硅热法炼镁增产提质的原理探索与应用

In the process of primary magnesium production by silicothermic reduction, a cooling zone with large gradient always exists near the retort outlet due to the setup of a necessary cooling system between the retort and crystallizer. However, few studies pay attention to influences of the temperature field near the retort outlet on the reaction rate, which can be reflected by the mass ratio of pellet and magnesium, a key parameter concerned by the primary magnesium industry. Here, by designing and building up an experimental retort that can mimic the actual production conditions and allows accurate temperature measurement at specific positions, we found that, the temperature near the retort outlet is low enough to lead to a significant reduction of reaction rate thus a higher mass ratio of pellet and magnesium. In order to suppress such a large temperature drop and raise the temperature, we designed a device to prevent heat loss near the retort outlet.

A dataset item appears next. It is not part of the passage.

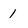
Character: 1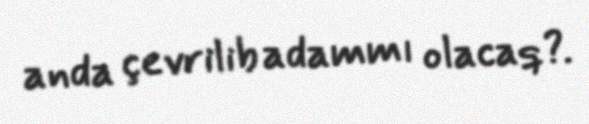
anda çevrilib adammı olacaq?.

With the usage of such device, the temperature near the retort outlet significantly increases compared to the control groups. As a result, the mass ratio of pellet and magnesium decreases from 6.3 to 5.95. Moreover, the purity level of the produced crude magnesium improves from less than Mg9980 (GB/T 3499—2011) to Mg9995A, which is attributed to the gradient condensation of impurities on this device. The industrial application of our design and its principle are expected to simultaneously improve the production and quality of primary magnesium made by silicothermic reduction, which can further benefit the entire magnesium industry.